This case requires, at a minimum, two findings from the Supreme Court: First, the Second Amendment secures an individual right to keep and bear arms — not a right limited to people engaged in state militia service. Second, the district’s ban on all functional firearms violates that individual right and is, therefore, unconstitutional.
An outpouring of modern scholarship — much of it coming from liberal constitutional scholars, like Laurence Tribe at Harvard University and Akhil Amar at Yale University — supports the view that the right to keep and bear arms is an individual right. After all, the Second Amendment is in the Bill of Rights, the part of the Constitution explicitly designed to secure individual rights. And the text of the amendment refers to the “right of the people” — the same people mentioned in the First, Fourth, Ninth and Tenth Amendments. It is inconceivable that the framers — seeking to provide Americans with a means to resist tyrannical government — would fashion a right that can be exercised only in the context of a militia that is under government control.

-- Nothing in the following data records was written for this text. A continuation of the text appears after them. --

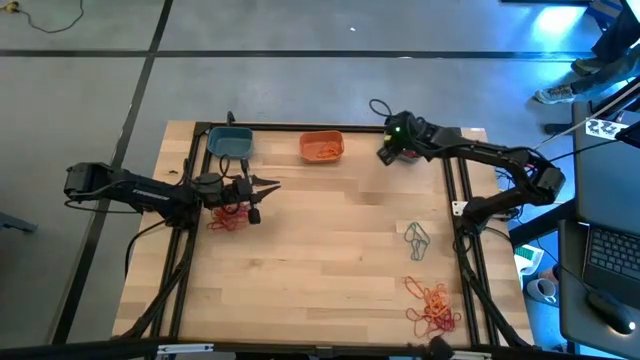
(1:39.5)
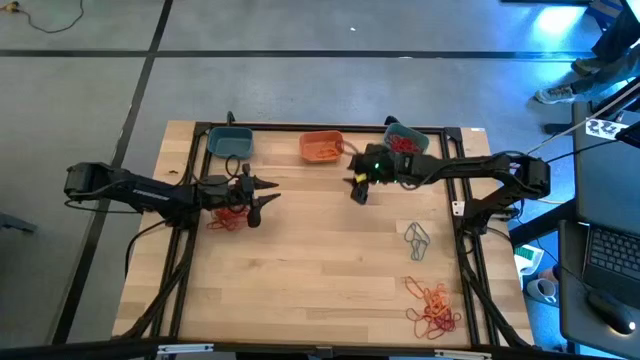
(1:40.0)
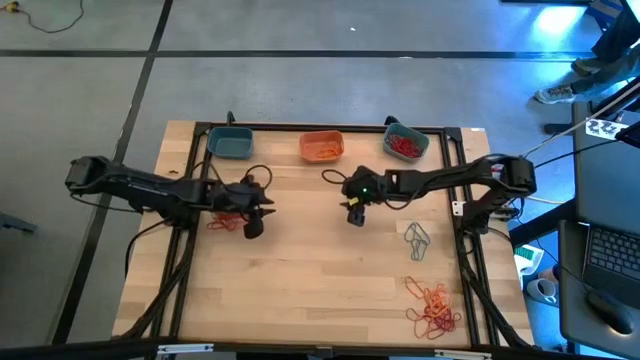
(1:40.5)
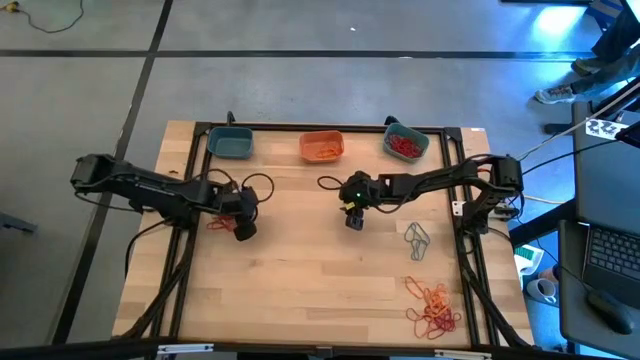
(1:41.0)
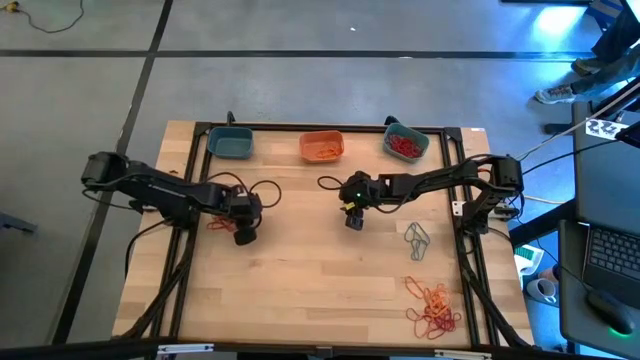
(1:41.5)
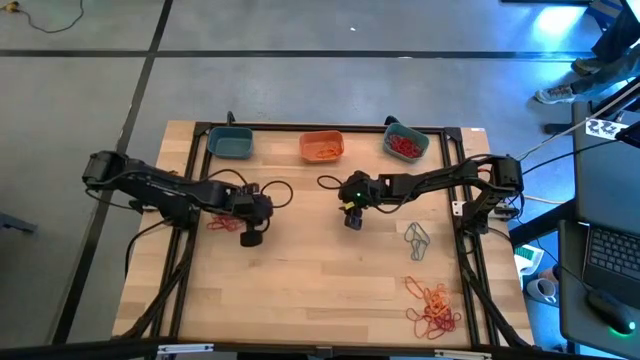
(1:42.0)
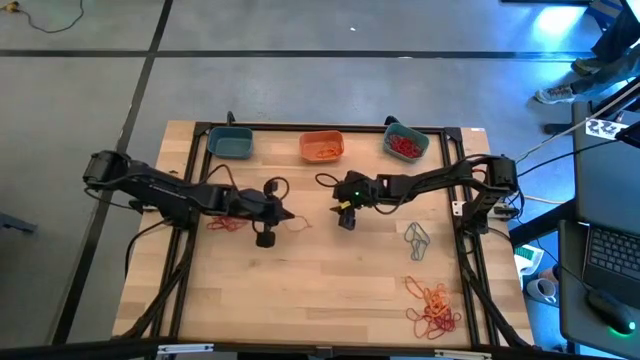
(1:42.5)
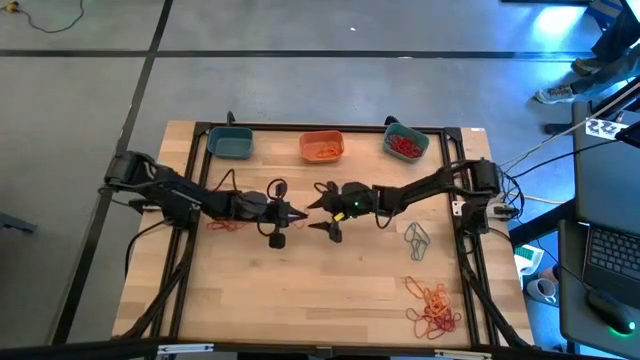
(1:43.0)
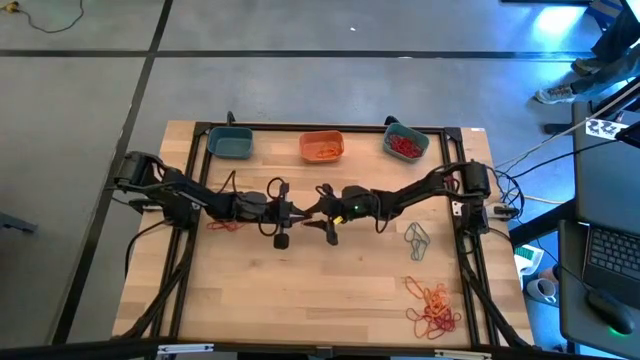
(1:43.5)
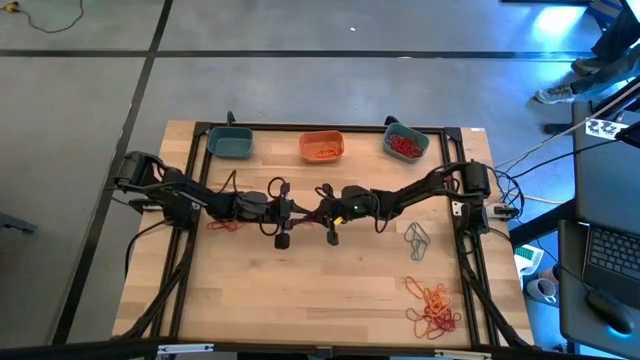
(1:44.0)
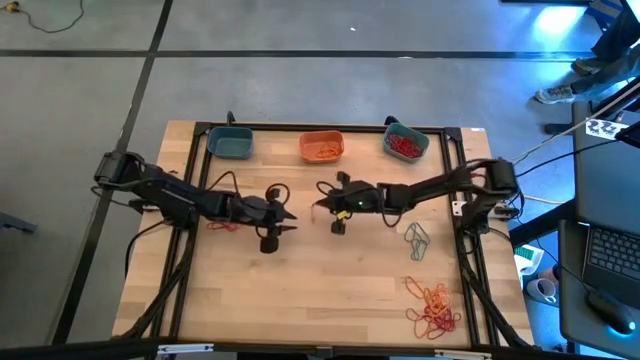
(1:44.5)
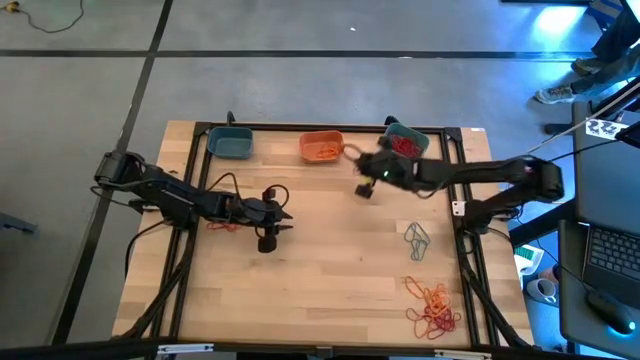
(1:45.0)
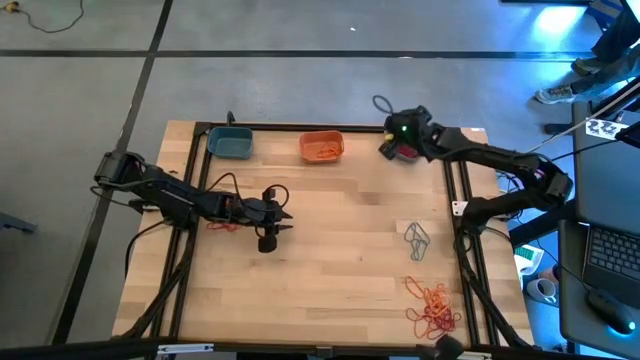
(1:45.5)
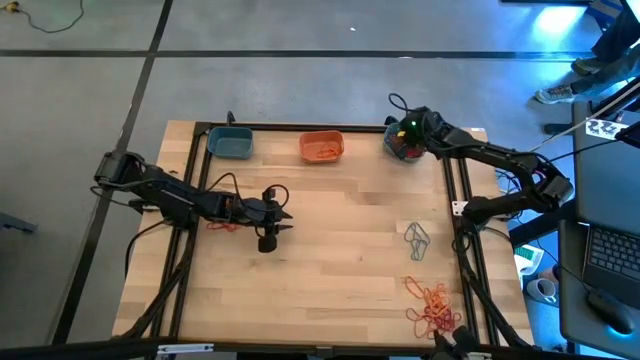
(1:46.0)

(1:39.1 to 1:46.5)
Task: Sort rubber bands into baskets
Put the red rubber band into the green bin

But can Washington’s ban on all functional firearms coexist with a Second Amendment that secures an individual right? That question might hinge on how rigorously the court reviews the constitutionality of Second Amendment restrictions. If the court believes the Second Amendment meaningfully constrains government, Washington’s ban is impermissible.
Even if the court believes that a ban on an entire class of protected weapons can sometimes be justified, it should conclude that regulations like those in Washington are subject to strict judicial scrutiny: government, if challenged, would have to demonstrate that restrictions serve a compelling state interest, will be effective at attaining the desired goal, and do not unnecessarily compromise Second Amendment rights. That three-part standard has considerable teeth, but will not foreclose legitimate gun regulations, such as sensible registration requirements, proficiency testing, instant background checks, bans on massively destructive weapons, and prohibitions on gun ownership by children, mental incompetents, and violent felons.
The court rigorously scrutinizes all regulations that infringe on personal “fundamental” rights — defined as those rights “implicit in the concept of ordered liberty” or “deeply rooted in the nation’s history and traditions.” Express provisions in the Bill of Rights are certainly fundamental, and the right to keep and bear arms — occasionally a matter of life-and-death significance — is no exception.
If the district’s outright ban on all handguns, in all homes, at all times, for all purposes, is determined by the court to pass muster, it will mean that the Supreme Court intends to rubberstamp just about any regulation that a legislature can dream up — no matter whether the government has offered any justification whatsoever, much less a justification that would survive strict scrutiny. That would, in effect, excise the Second Amendment from the Constitution. A right that cannot be enforced is no right at all.
At root, the Heller case is simple. It’s about self-defense: individuals living in a dangerous community who want to protect themselves in their own homes when necessary. The Second Amendment to the Constitution was intended to safeguard that right. Banning handguns outright is unconstitutional.